(Records from a data source)
┏━━

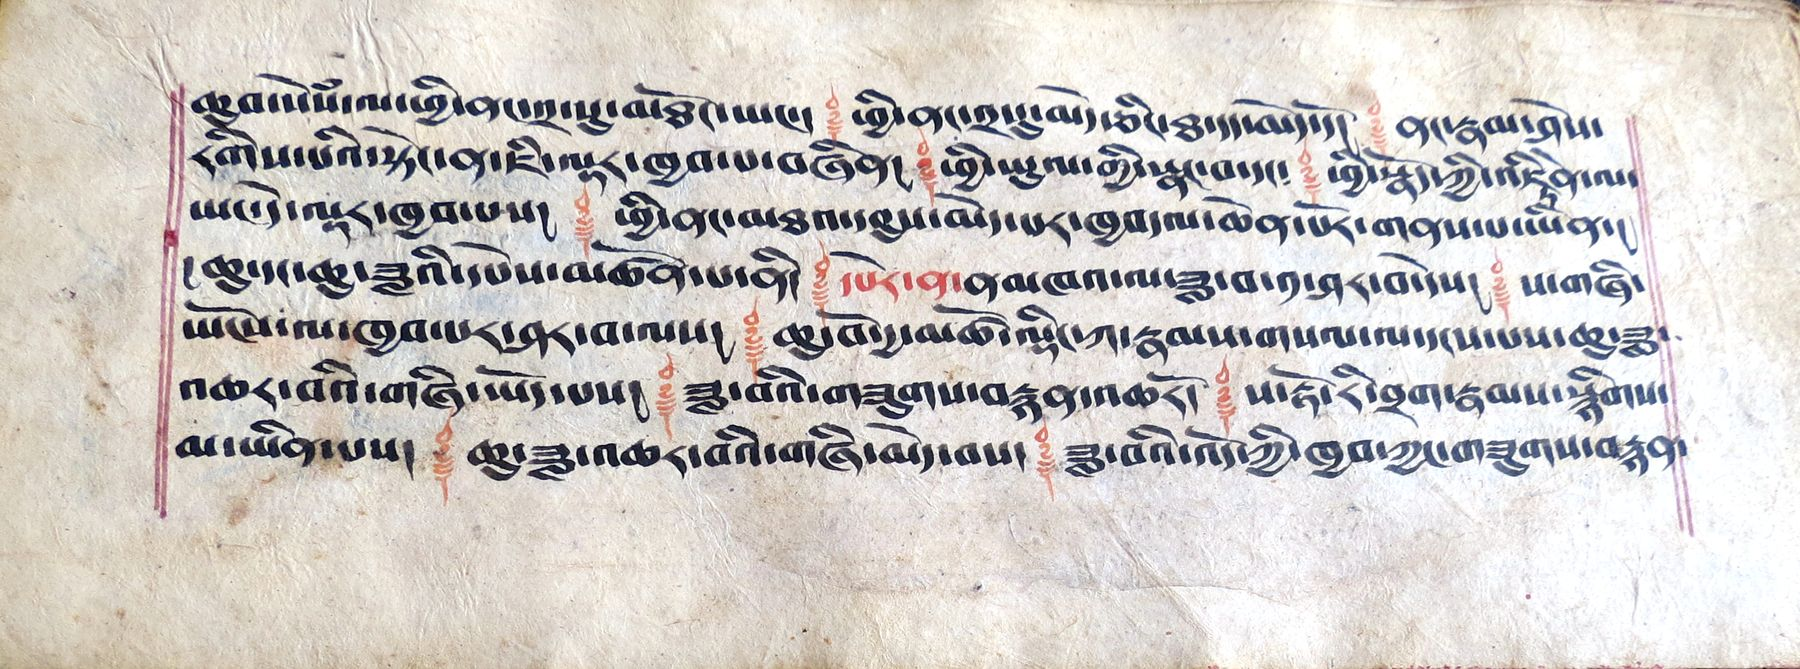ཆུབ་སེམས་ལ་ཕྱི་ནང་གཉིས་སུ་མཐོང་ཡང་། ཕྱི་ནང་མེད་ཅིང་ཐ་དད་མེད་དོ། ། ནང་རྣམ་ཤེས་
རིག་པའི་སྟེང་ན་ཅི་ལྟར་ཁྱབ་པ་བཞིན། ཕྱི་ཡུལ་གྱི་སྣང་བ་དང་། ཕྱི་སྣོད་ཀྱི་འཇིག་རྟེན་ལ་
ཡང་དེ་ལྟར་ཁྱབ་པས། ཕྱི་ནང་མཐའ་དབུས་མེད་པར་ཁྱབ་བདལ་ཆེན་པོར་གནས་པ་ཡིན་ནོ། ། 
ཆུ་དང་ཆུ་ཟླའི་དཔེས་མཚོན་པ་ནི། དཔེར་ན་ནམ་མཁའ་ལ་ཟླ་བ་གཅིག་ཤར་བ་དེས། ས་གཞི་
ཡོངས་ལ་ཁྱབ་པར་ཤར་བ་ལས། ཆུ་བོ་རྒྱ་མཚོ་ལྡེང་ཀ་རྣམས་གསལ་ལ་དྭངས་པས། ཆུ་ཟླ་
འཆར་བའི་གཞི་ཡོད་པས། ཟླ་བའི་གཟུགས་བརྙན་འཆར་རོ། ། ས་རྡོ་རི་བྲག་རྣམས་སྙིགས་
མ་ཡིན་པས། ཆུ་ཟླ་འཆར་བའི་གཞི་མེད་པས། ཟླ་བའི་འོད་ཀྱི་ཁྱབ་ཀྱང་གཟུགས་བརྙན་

┗━━

TRY IT ▸ The output has to match the data above line for line, except that pictures are dropped.

RESULT OF THIS EXERCISE ▸
ཆུབ་སེམས་ལ་ཕྱི་ནང་གཉིས་སུ་མཐོང་ཡང་། ཕྱི་ནང་མེད་ཅིང་ཐ་དད་མེད་དོ། ། ནང་རྣམ་ཤེས་
རིག་པའི་སྟེང་ན་ཅི་ལྟར་ཁྱབ་པ་བཞིན། ཕྱི་ཡུལ་གྱི་སྣང་བ་དང་། ཕྱི་སྣོད་ཀྱི་འཇིག་རྟེན་ལ་
ཡང་དེ་ལྟར་ཁྱབ་པས། ཕྱི་ནང་མཐའ་དབུས་མེད་པར་ཁྱབ་བདལ་ཆེན་པོར་གནས་པ་ཡིན་ནོ། ། 
ཆུ་དང་ཆུ་ཟླའི་དཔེས་མཚོན་པ་ནི། དཔེར་ན་ནམ་མཁའ་ལ་ཟླ་བ་གཅིག་ཤར་བ་དེས། ས་གཞི་
ཡོངས་ལ་ཁྱབ་པར་ཤར་བ་ལས། ཆུ་བོ་རྒྱ་མཚོ་ལྡེང་ཀ་རྣམས་གསལ་ལ་དྭངས་པས། ཆུ་ཟླ་
འཆར་བའི་གཞི་ཡོད་པས། ཟླ་བའི་གཟུགས་བརྙན་འཆར་རོ། ། ས་རྡོ་རི་བྲག་རྣམས་སྙིགས་
མ་ཡིན་པས། ཆུ་ཟླ་འཆར་བའི་གཞི་མེད་པས། ཟླ་བའི་འོད་ཀྱི་ཁྱབ་ཀྱང་གཟུགས་བརྙན་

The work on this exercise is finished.